Supported Tags and Dockerfile Links
Tag Convention
Tags follow this format:
<version>-<os>
| Field | Example | Description |
|---|---|---|
version |
v26.1.0 |
Ascend Device Plugin component version |
os |
ubuntu22.04 |
Ascend Device Plugin image operating system |
Ascend Device Plugin 26.1.0
| Tag | Dockerfile | Image Content |
|---|---|---|
v26.1.0-ubuntu22.04 |
Dockerfile.ubuntu | Ascend Device Plugin v26.1.0 image for Ubuntu 22.04 |
v26.1.0-openeuler24.03 |
Dockerfile.openeuler | Ascend Device Plugin v26.1.0 image for openEuler 24.03 |
Quick Start
Prerequisites
Software Dependencies
| Software | Supported Versions | Installation Location | Description |
|---|---|---|---|
| Kubernetes | 1.17.x~1.34.x (1.19.x or later recommended) | All nodes | See Kubernetes Documentation |
| Docker | 18.09.x~28.5.1 | All nodes | Available from Docker |
| Containerd | 1.4.x~2.1.4 (1.6.x recommended) | All nodes | Available from Containerd |
| Ascend AI Processor Driver and Firmware | See version compatibility table | Compute nodes | See "Installing NPU Driver and Firmware" in the CANN Software Installation Guide |
Hardware Requirements
| Resource | Requirement |
|---|---|
| CPU | 0.5 cores |
| Memory | 0.5 GB |
Install Driver
The host machine must have the driver and firmware installed. For details, see "Installing NPU Driver and Firmware" in the CANN Software Installation Guide (Commercial Edition) or CANN Software Installation Guide (Community Edition).
How to Build Locally
docker build --no-cache -t ascend-k8sdeviceplugin:{tag} ./ -f Dockerfile.{os}
Note:
- TARGETPLATFORM is a global built-in parameter provided by Docker BuildKit, used to obtain the target platform of the current build, such as linux/amd64 and linux/arm64.

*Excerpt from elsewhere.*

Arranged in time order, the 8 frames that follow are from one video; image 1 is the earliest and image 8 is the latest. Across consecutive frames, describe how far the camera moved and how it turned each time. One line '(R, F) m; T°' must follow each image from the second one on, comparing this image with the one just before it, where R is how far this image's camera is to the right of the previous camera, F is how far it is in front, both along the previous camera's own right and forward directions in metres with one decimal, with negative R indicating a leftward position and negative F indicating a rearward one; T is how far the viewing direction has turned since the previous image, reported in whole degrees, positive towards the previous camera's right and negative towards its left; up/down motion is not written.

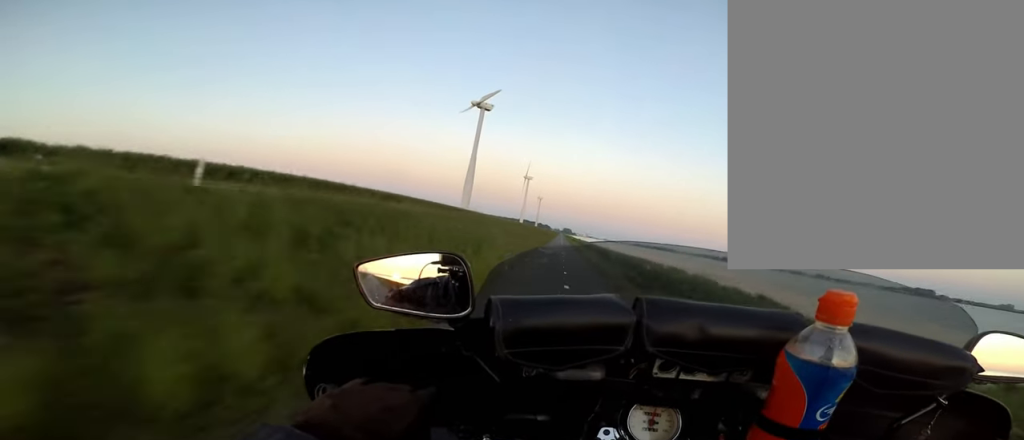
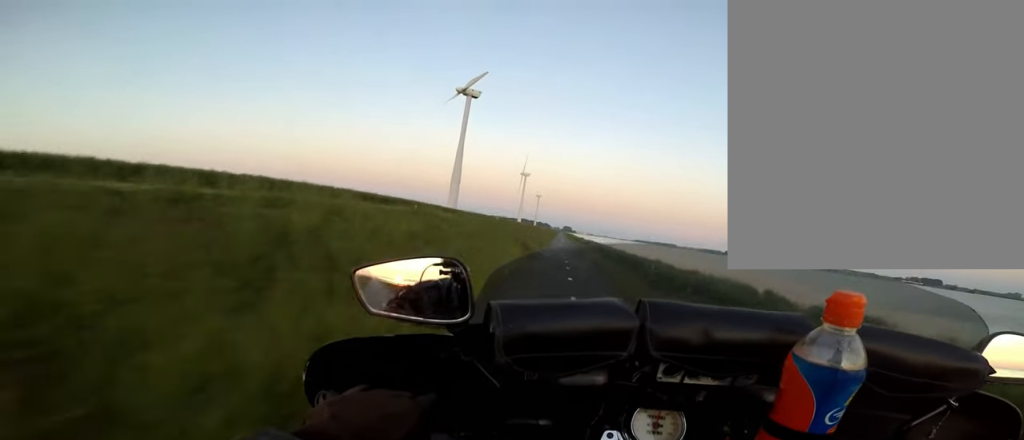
(+0.6, +19.5) m; -2°
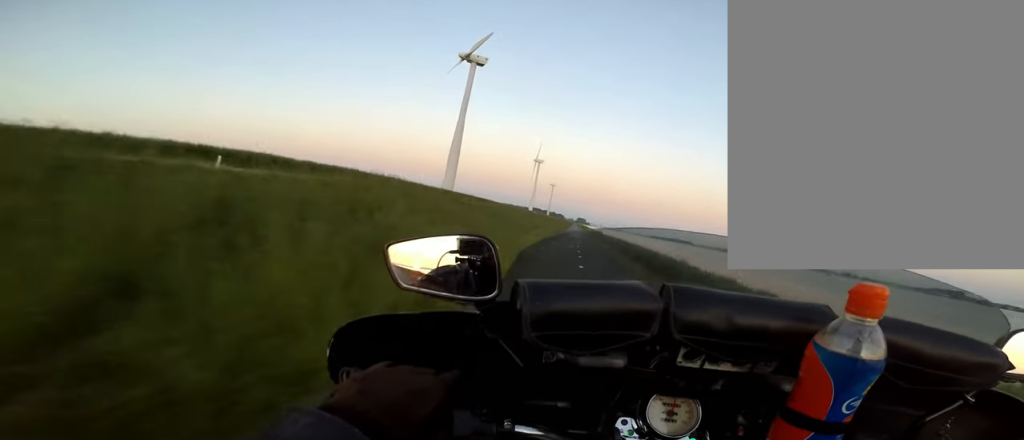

- This variable is automatically injected only when BuildKit is enabled. It will not be available in older Docker versions or environments with BuildKit disabled by default. Run export DOCKER_BUILDKIT=1 to enable it temporarily before executing build commands.
Deploy Ascend Device Plugin
- Pull the image
docker pull swr.cn-south-1.myhuaweicloud.com/ascendhub/ascend-k8sdeviceplugin:{tag}
- Retag the image
docker tag swr.cn-south-1.myhuaweicloud.com/ascendhub/ascend-k8sdeviceplugin:{tag} ascend-k8sdeviceplugin:{tag}
- Label the nodes
Label nodes according to the Ascend processor model:
# Example: Label an Ascend 910 node
kubectl label nodes <node-name> accelerator=huawei-Ascend910
kubectl label nodes <node-name> host-arch=huawei-arm
- Start Ascend Device Plugin
Select the appropriate YAML file based on the Ascend processor model:
Replace {tag} in the YAML file with the actual image tag.
# Configuration file for products excluding Atlas 200I SoC A1 core board without Volcano.
kubectl apply -f device-plugin-{version}.yaml
# Configuration file for products excluding Atlas 200I SoC A1 core board with Volcano.
kubectl apply -f device-plugin-volcano-{version}.yaml
- Verify deployment
kubectl get pods -A | grep device-plugin
- Check node resources
kubectl describe node <npu-node-name> | grep "huawei.com/Ascend"
Supported Hardware
For descriptions of supported Ascend hardware models, please refer to the official documentation: Supported Product Formats and OS List
License
View the license information for the Mind series software contained in these images.
As with all container images, pre-installed software packages (Python, system libraries, etc.) may be subject to their respective license agreements.